The Corporate Governance Committee (the "Committee") is a standing committee of the board of directors (the "Board") of MEMSIC, Inc. (together with its subsidiaries, the "Company"). The purpose of the Committee is to advise the Board regarding appropriate corporate governance policies and assist the Board in achieving them.
A. Charter. By adoption of this charter, the Board has delegated to the Committee the authority necessary for the Committee to fulfill its obligations under this charter. At least annually, the Committee shall review and assess the adequacy of this charter and recommend to the Board any changes that would enable the Committee to fulfill its responsibilities more effectively.
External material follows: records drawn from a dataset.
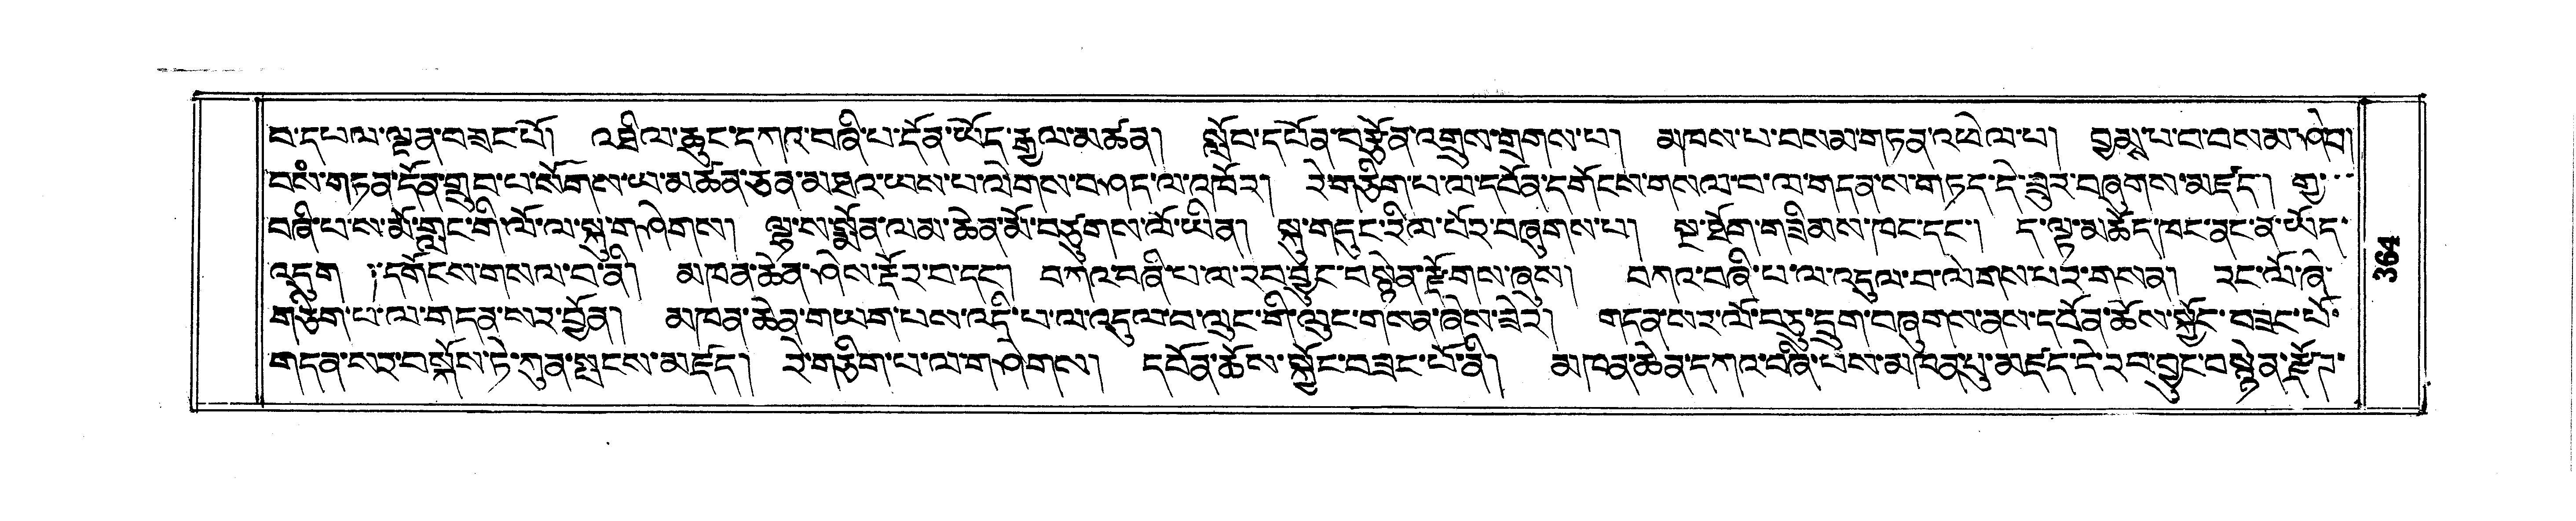བ་དཔལ་ལྡན་བཟང་པོ། འཐིལ་ཆུང་དཀའ་བཞི་པ་དོན་ཡོད་རྒྱལ་མཚན། སློབ་དཔོན་བརྩོན་འགྲུས་གྲགས་པ། མཁས་པ་བསམ་གཏན་འཕེལ་པ། བྱམས་པ་བ་བསམ་ཤེ་བ།
བསཾ་གཏན་དོན་གྲུབ་པ་སོགས་ཡ་མཚན་ཅན་མཐའ་ཡས་པ་ལེགས་བཤད་ལ་འཁོར། རེ་གཅིག་པ་ལ་དབོན་དགོངས་གསལ་བ་ལ་གདན་ས་གཏད་དེ་ཟུར་བཞུགས་མཛད། གྱ་
བཞི་པ་ས་མོ་གླང་གི་ལོ་ལ་སྐུ་གཤེགས། ལྷ་ས་སྨོན་ལམ་ཆེན་མོ་བཙུགས་ལོ་ཡིན། སྐུ་གདུང་རིལ་པོར་བཞུགས་པ། སྔ་ཐོག་གཟིམས་ཁང་དང་། ད་ལྟ་མཆོད་ཁང་ནང་ན་ཡོད་
འདུག ༑དགོངས་གསལ་བ་ནི། མཁན་ཆེན་ཤེས་རྡོར་བ་དང་། བཀའ་བཞི་པ་ལ་རབ་བྱུང་བསྙེན་རྫོགས་ཞུས། བཀའ་བཞི་པ་ལ་འདུལ་བ་ལེགས་པར་གསན། རང་ལོ་ཞེ་
གཅིག་པ་ལ་གདན་སར་བྱོན། མཁན་ཆེན་གཡག་པས་འདི་པ་ལ་འདུལ་བ་ལུང་གསན་ཞེས་ཟེར། གདན་སར་ལོ་བཅུ་དྲུག་བཞུགས་ནས་དབོན་ཆོས་སྐྱོང་བཟང་པོ་
གདན་སར་བསྐོས་ཏེ་ཀུན་སྤངས་མཛད། རེ་གཅིག་པ་ལ་གཤེགས། དབོན་ཆོས་སྐྱོང་བཟང་པོ་ནི། མཁན་ཆེན་དཀའ་བཞི་པས་མཁན་པུ་མཛད་དེ་རབ་བྱུང་བསྙེན་རྫོཊ་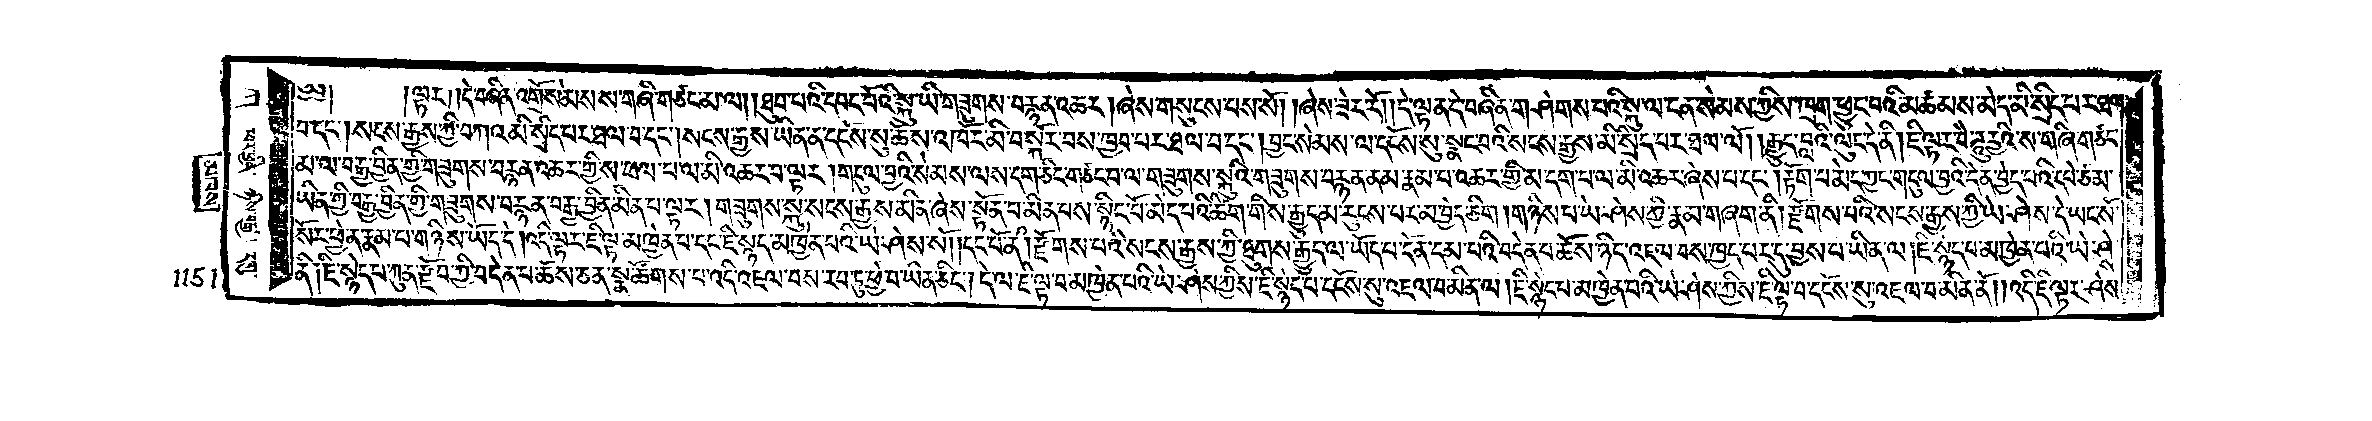༄༅། །ལྟར། །དེ་བཞིན་འགྲོ་སེམས་ས་གཞི་གཙང་མ་ལ། ཐུབ་པའི་དབང་པོའི་སྐུ་ཡི་གཟུགས་བརྙན་འཆར། ཞེས་གསུངས་པས་སོ། །ཞེས་ཟེར་རོ། །དེ་ལྟ་ན་དེ་བཞིན་གཤེགས་པའི་སྐུ་ལ་ངན་སེམས་ཀྱིས་ཁྲག་ཕྱུང་བའི་མཚམས་མེད་མི་སྲིད་པར་ཐལ་
བ་དང་། སངས་རྒྱས་ཀྱི་བཀའ་མི་སྲིད་པར་ཐལ་བ་དང་། སངས་རྒྱས་ཡིན་ན་དངོས་སུ་ཆོས་འཁོར་མི་བསྐོར་བས་ཁྱབ་པར་ཐལ་བ་དང་། བྱང་སེམས་ལ་དངོས་སུ་སྣང་བའི་སངས་རྒྱས་མི་སྲིད་པར་ཐལ་ལོ། །རྒྱུད་བླའི་ལུང་དེ་ནི། ཇི་ལྟར་བཻ་ཌཱུ་རྱའི་ས་གཞི་གཙང་
མ་ལ་བརྒྱ་བྱིན་གྱི་གཟུགས་བརྙན་འཆར་གྱི་ས་ཕལ་པ་ལ་མི་འཆར་བ་ལྟར། གདུལ་བྱའི་སེམས་ལས་དག་ཅིང་གཙང་བ་ལ་གཟུགས་སྐུའི་གཟུགས་བརྙན་ནམ་རྣམ་པ་འཆར་གྱི་མ་དག་པ་ལ་མི་འཆར་ཞེས་པ་དང་། རྟོག་པ་མེད་ཀྱང་གདུལ་བྱའི་དོན་བྱེད་པའི་དཔེ་ཙམ་
ཡིན་གྱི་བརྒྱ་བྱིན་གྱི་གཟུགས་བརྙན་བརྒྱ་བྱིན་མིན་པ་ལྟར། གཟུགས་སྐུ་སངས་རྒྱས་མིན་ཞེས་སྟོན་པ་མིན་པས་སྙིང་པོ་མེད་པའི་ཚིག་གིས་རྒྱུད་མ་རུངས་པར་མ་བྱེད་ཅིག །གཉིས་པ་ཡེ་ཤེས་ཀྱི་རྣམ་གཞག་ནི། རྫོགས་པའི་སངས་རྒྱས་ཀྱི་ཡེ་ཤེས་དེ་ཡང་སོ་
སོར་ཕྱེ་ན་རྣམ་པ་གཉིས་ཡོད་དེ། འདི་ལྟར་ཇི་ལྟ་མཁྱེན་པ་དང་ཇི་སྙད་མཁྱེན་པའི་ཡེ་ཤེས་སོ། །དང་པོ་ནི། རྫོགས་པའི་སངས་རྒྱས་ཀྱི་ཐུགས་རྒྱུད་ལ་ཡོད་པ་དོན་དམ་པའི་བདེན་པ་ཆོས་ཉིད་འཇལ་བས་ཁྱད་པར་དུ་བྱས་པ་ཡིན་ལ། ཇི་སྙེད་པ་མཁྱེན་པའི་ཡེ་ཤེས་
ནི། ཇི་སྙེད་པ་ཀུན་རྫོབ་ཀྱི་བདེན་པ་ཆོས་ཅན་སྣ་ཚོགས་པ་འདི་འཇལ་བས་རབ་ཏུ་ཕྱེ་བ་ཡིན་ཅིང་། དེ་ལ་ཇི་ལྟ་བ་མཁྱེན་པའི་ཡེ་ཤེས་ཀྱིས་ཇི་སྙེད་པ་དངོས་སུ་འཇལ་བ་མིན་ལ། ཇི་སྙེད་པ་མཁྱེན་པའི་ཡེ་ཤེས་ཀྱིས་ཇི་ལྟ་བ་དངོས་སུ་འཇལ་བ་མིན་ནོ། །འདི་ཇི་ལྟར་ཤེས་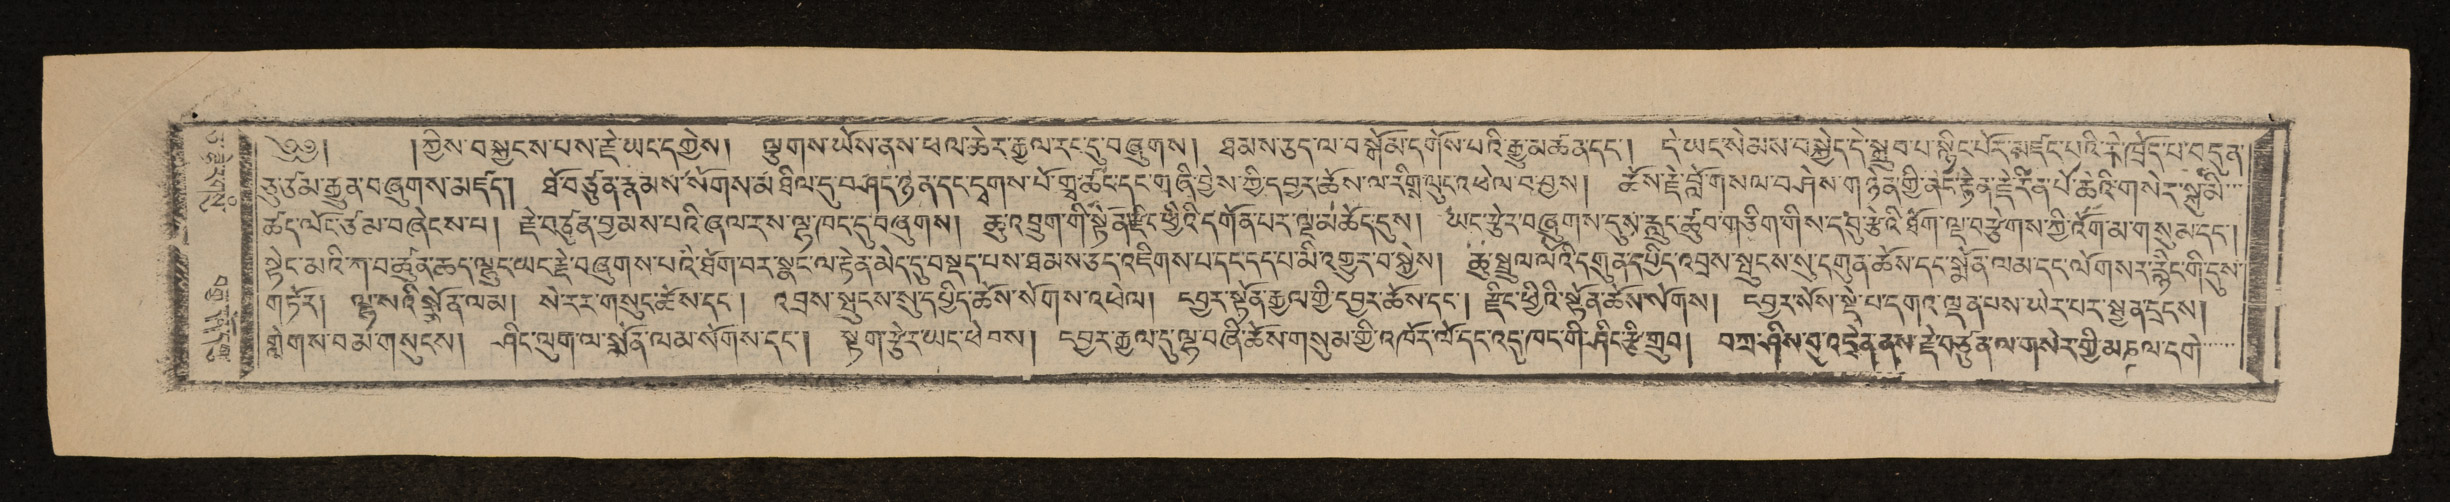༄༅། །ཀྱིས་བསྐྱངས་པས་རྗེ་ཡང་དགྱེས། ལྕགས་ཡོས་ནས་ཕལ་ཆེར་རྒྱལ་རང་དུ་བཞུགས། ཐམས་ཅད་ལ་བསྒོམ་དགོས་པའི་རྒྱུ་མཚན་དང་། དེ་ཡང་སེམས་བསྐྱེད་དེ་སྒྲུབ་པ་སྙིང་པོར་མཛད་པའི་རི་ཁྲོད་པ་བདུན་
ཅུ་ཙམ་རྒྱུན་བཞུགས་མཛད། ཐོ་བཙུན་རྣམས་སོགས་མཐིལ་དུ་བཤད་ཉན་དང་དྭགས་པོ་གྲྭ་ཚང་དང་གཞི་བྱེས་ཀྱི་དབྱར་ཆོས་ལ་རིགས་ལུང་འཕེལ་བ་བྱས། ཆོས་རྗེ་བློ་གསལ་བཤེས་གཉེན་གྱི་ནང་རྟེན་རྗེ་རིན་པོ་ཆེའི་གསེར་སྐུ་མི་
ཚད་ལོང་ཙམ་བཞེངས་པ། རྗེ་བཙུན་བྱམས་པའི་ཞལ་རས་ལྷ་ཁང་དུ་བཞུགས། ཆུ་འབྲུག་གི་སྟོན་རྫིང་ཕྱིའི་དགོན་པར་ལྔ་མཆོད་དུས། ཡང་རྩེར་བཞུགས་དུས་རླུང་ཚུབ་གཅིག་གིས་དབུ་རྩེའི་ཐོག་ལྔ་བརྩེགས་ཀྱི་འོག་མ་གསུམ་དང་།
སྟེང་མའི་ཀ་བ་ཚུན་ཆད་ལྷུང་ཡང་རྗེ་བཞུགས་པའི་ཐོག་བར་སྣང་ལ་རྟེན་མེད་དུ་བསྡད་པས་ཐམས་ཅད་འཇིགས་པ་དང་དད་པ་མི་འགྱུར་བ་སྐྱེས། ཆུ་སྦྲུལ་ལོའི་དགུན་དཔྱིད་འབྲས་སྤུངས་སུ་དགུན་ཆོས་དང་སྨོན་ལམ་དང་ལོ་གསར་རྙིང་གི་དུས་
གཏོར། ལྷ་སའི་སྨོན་ལམ། སེ་རར་གསུང་ཆོས་དང་། འབྲས་སྤུངས་སུ་དཔྱིད་ཆོས་སོགས་འཕེལ། དབྱར་སྟོན་རྒྱལ་གྱི་དབྱར་ཆོས་དང་། རྫིང་ཕྱིའི་སྟོན་ཆོས་སོགས། དབྱར་སོས་སྡེ་པ་དགའ་ལྡན་པས་ཡེར་བར་སྤྱན་དྲངས།
ཨེགླེགས་བམ་གསུངས། ཤིང་ལུག་ལ་སྨོན་ལམ་སོགས་དང་། སྟག་རྩེར་ཡང་ཕེབས། དབྱར་རྒྱལ་དུ་ལྷ་བཞི་ཆོས་གསུམ་གྱི་འཁོར་ལོ་དང་འདུ་ཁང་གི་ཤིང་རྩི་གྲུབ། བཀྲ་ཤིས་བུ་འདྲེན་ནས་རྗེ་བཙུན་ལ་གསེར་གྱི་མཎྜལ་དགེ་

B. Members. The Committee shall consist of at least two members of the Board. The members of the Committee shall be appointed by, and serve at the discretion of, the Board. In selecting the members of the Committee, the Board shall endeavor to ensure that each member of the Committee satisfies any applicable independence requirements of Nasdaq Marketplace Rule 4200(a)(15), as amended from time to time, and any other applicable rules and regulations.
C. Chairperson. The Board shall appoint a chairperson of the Committee, who shall serve at the discretion of the Board. The chairperson shall establish the agenda for and preside at all meetings of the Committee and shall have such other powers and responsibilities as the Board or the Committee shall designate.
D. Meetings; Minutes. Each year, the Committee shall establish a schedule of meetings; additional meetings may be scheduled as required. The Committee shall meet periodically in executive session, as it deems appropriate. The procedures with respect to calling, noticing and holding meetings of the Committee and conducting business of the Committee shall be the same as those provided in the by-laws of the Company with respect to calling, noticing and holding meetings of and taking action by the Board. The Committee shall maintain written minutes of its meetings. The minutes shall be distributed periodically to the other members of the Board and shall be filed with the minutes of the meetings of the Board.
E. Reports. The Committee shall make regular reports to the Board regarding the activities of the Committee. Such reports may be made either orally or in writing.
A. Corporate Governance. The Committee shall keep abreast of developments with regard to corporate governance to enable the Committee to make recommendations to the Board in light of such developments as may be appropriate. Specifically, the Committee shall, on a periodic basis:
review the certificate of incorporation and bylaws of the Company and, where appropriate, recommend to the Board that it amend the bylaws, or that it propose amendments to the certificate of incorporation and by-laws for consideration by the shareholders;
review the corporate governance practices of the Company and, where appropriate, make recommendations to the Board with respect to changes to such practices, including, among other matters: (a) the size, composition and responsibilities of the Board and its committees, (b) policies, if any, with respect to the tenure and retirement of directors, stock ownership requirements or restrictions concerning the maximum number of boards on which a director may serve, (c) the organization and procedures of the Board, including policies relating to meetings of the Board, meeting schedules and locations, agendas and procedures for delivery of materials in advance of meetings, (d) procedures for security holders and other interested parties to communicate with non-management members of the Board, and (e) policies regarding attendance by directors at the Company's annual meeting of stockholders; and
review and evaluate the Company's succession plans relating to its chief executive officer and other executive officers.
B. Evaluation of the Board and the Committee. The Committee shall oversee an annual evaluation of the Board. The Committee shall report annually to the Board on the results of the evaluation of the Board. The Committee shall evaluate its own performance on an annual basis and report annually to the Board on the results of evaluation of the Committee.
C. Director Education. The Committee shall consider on an annual basis the nature of any continuing education that may be desirable for the Board and, if appropriate, recommend to the Board that resources be made available in this regard.
D. Other Delegated Responsibilities. The Committee shall carry out such other duties as the Board may delegate to the Committee from time to time.